Objective To explore the relationship between serum homocysteine(HCY) levels and SYNTAX score(SS) in patients with non-ST-segment elevation myocardial infarction (NSTEMI). Methods We performed a retrospective analysis of 298 patients with NSTEMI from the aspects of general clinical features, multiple laboratory indicators including serum HCY level, left ventricular ejection fraction (LVEF) and SS on the echocardiography during hospitalization. SS was also calculated according to the images of angiography for further statistical analysis. The patients were divided into three groups according to the SS value: low- (SS≤22), medium- (22<SS<33),high-SS group(SS≥33), with a comparison of interclass correlation from related data. Results The enrolled 298 NSTEMI patients consisted of 177 patients (59.4%) in the low-SS group, 77 (25.8%) in the medium-SS group, and 44 (14.8%) in the high-SS group. Serum HCY levels were (16.1±9.1) μmol/L, (20.3±9.1) μmol/L, (27.5±9.5) μmol/L in low-, medium-, and high-SS groups, respectively. Serum HCY levels in medium-, high-SS groups were significantly higher than those in low-SS group (P<0.01). The related analysis indicated homocysteine levels were correlated with SS (r=0.358, P<0.01). Conclusion Serum HCY levels were associated with increasing severity of coronary artery disease in the patients with NSTEMI.

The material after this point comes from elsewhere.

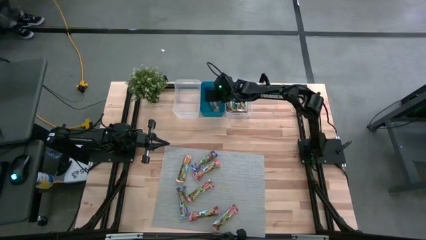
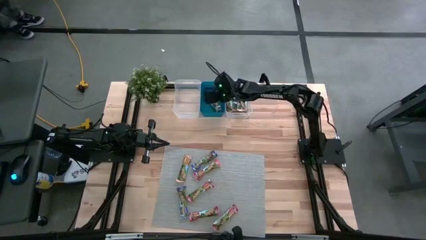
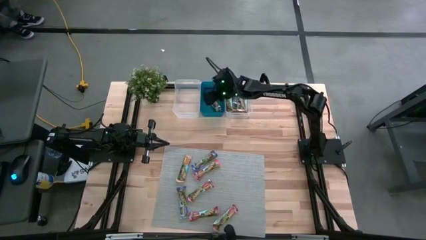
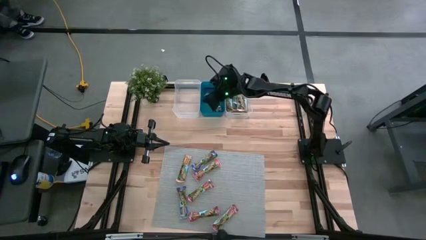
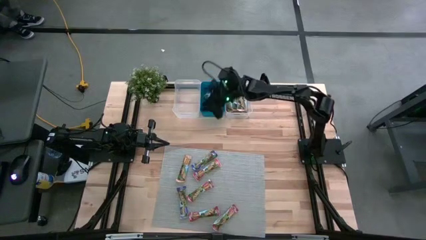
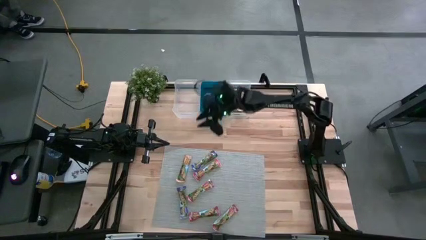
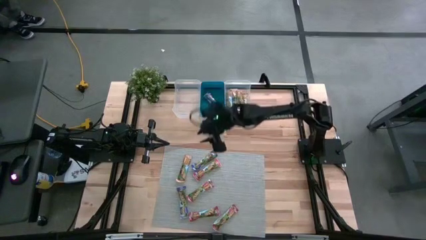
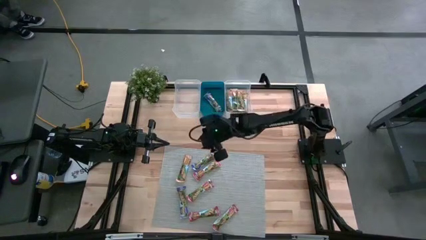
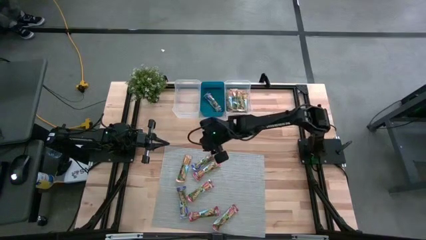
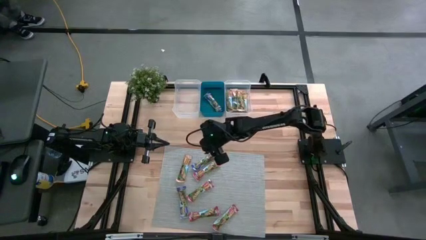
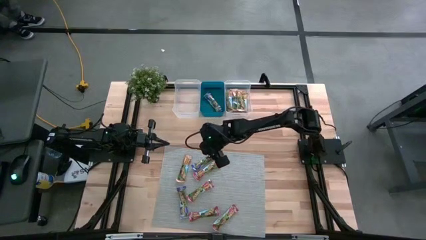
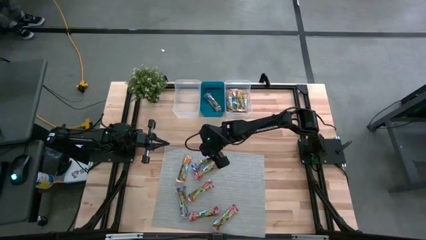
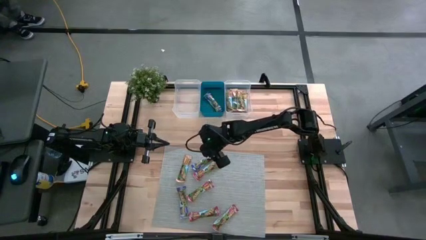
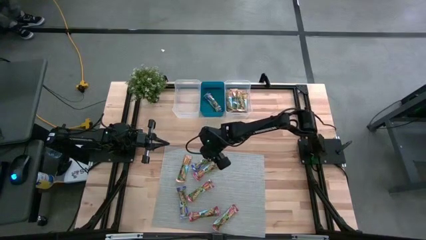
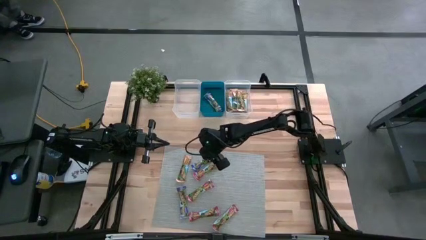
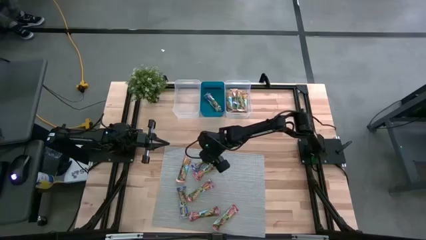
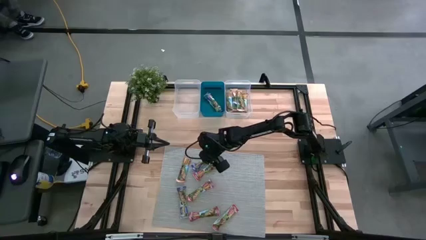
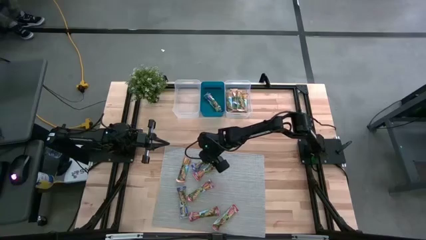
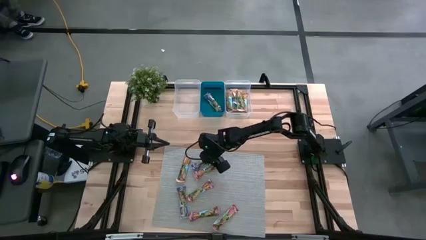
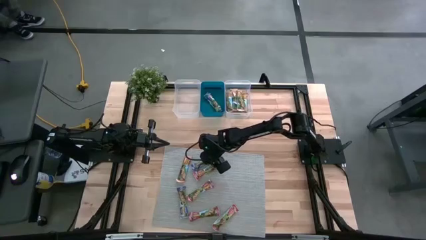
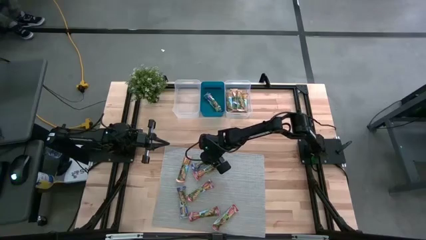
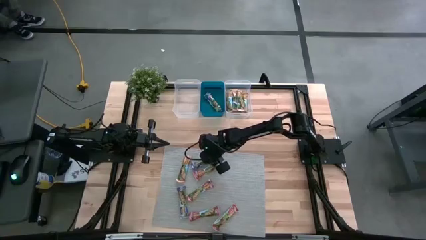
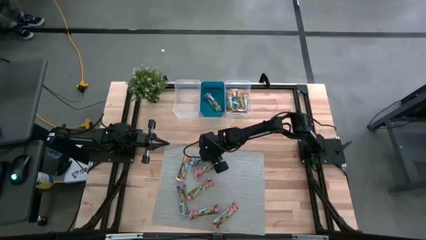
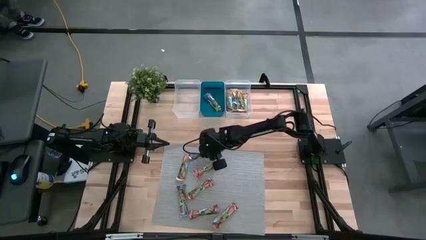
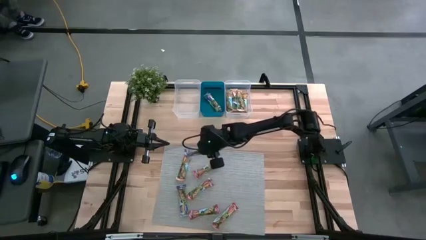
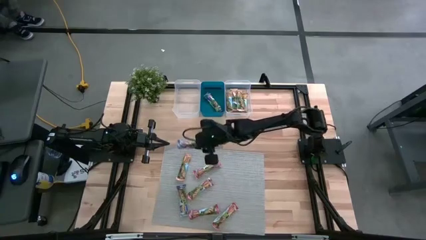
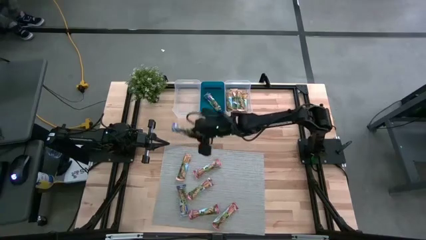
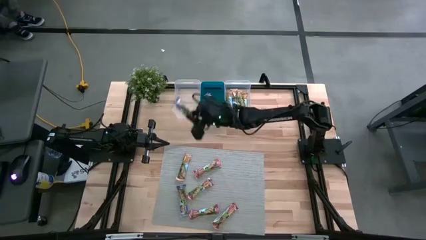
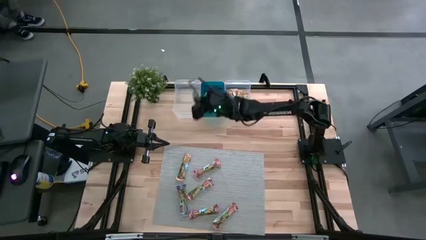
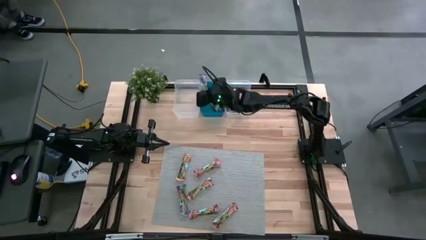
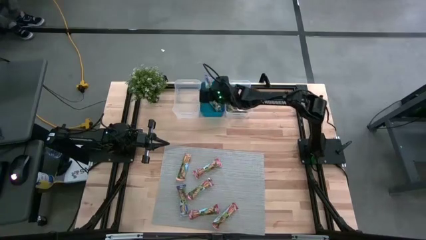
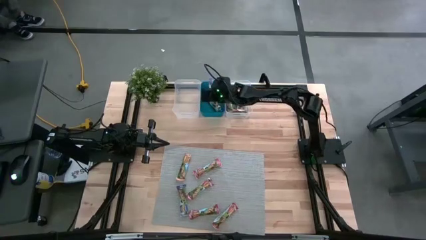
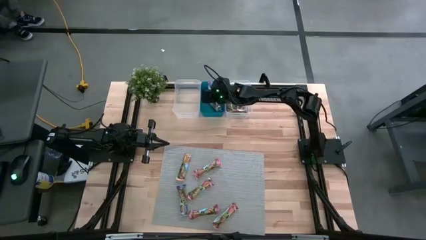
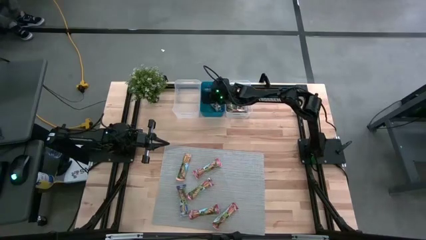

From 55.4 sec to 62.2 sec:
Put the blue granola bar into the blue bin

Key words: non-ST-segment elevation myocardial infarction, homocysteine, SYNTAX score

CLC Number:

R541.4

Wang Yajie, Lin Wenhua, Jing Rui, Liu Jingjing, Lu Yujie. The relationship between serum homocysteine levels and SYNTAX score in patients with non-ST-segment elevation myocardial infarction[J]. Clinical Focus, 2022, 37(4): 325-328.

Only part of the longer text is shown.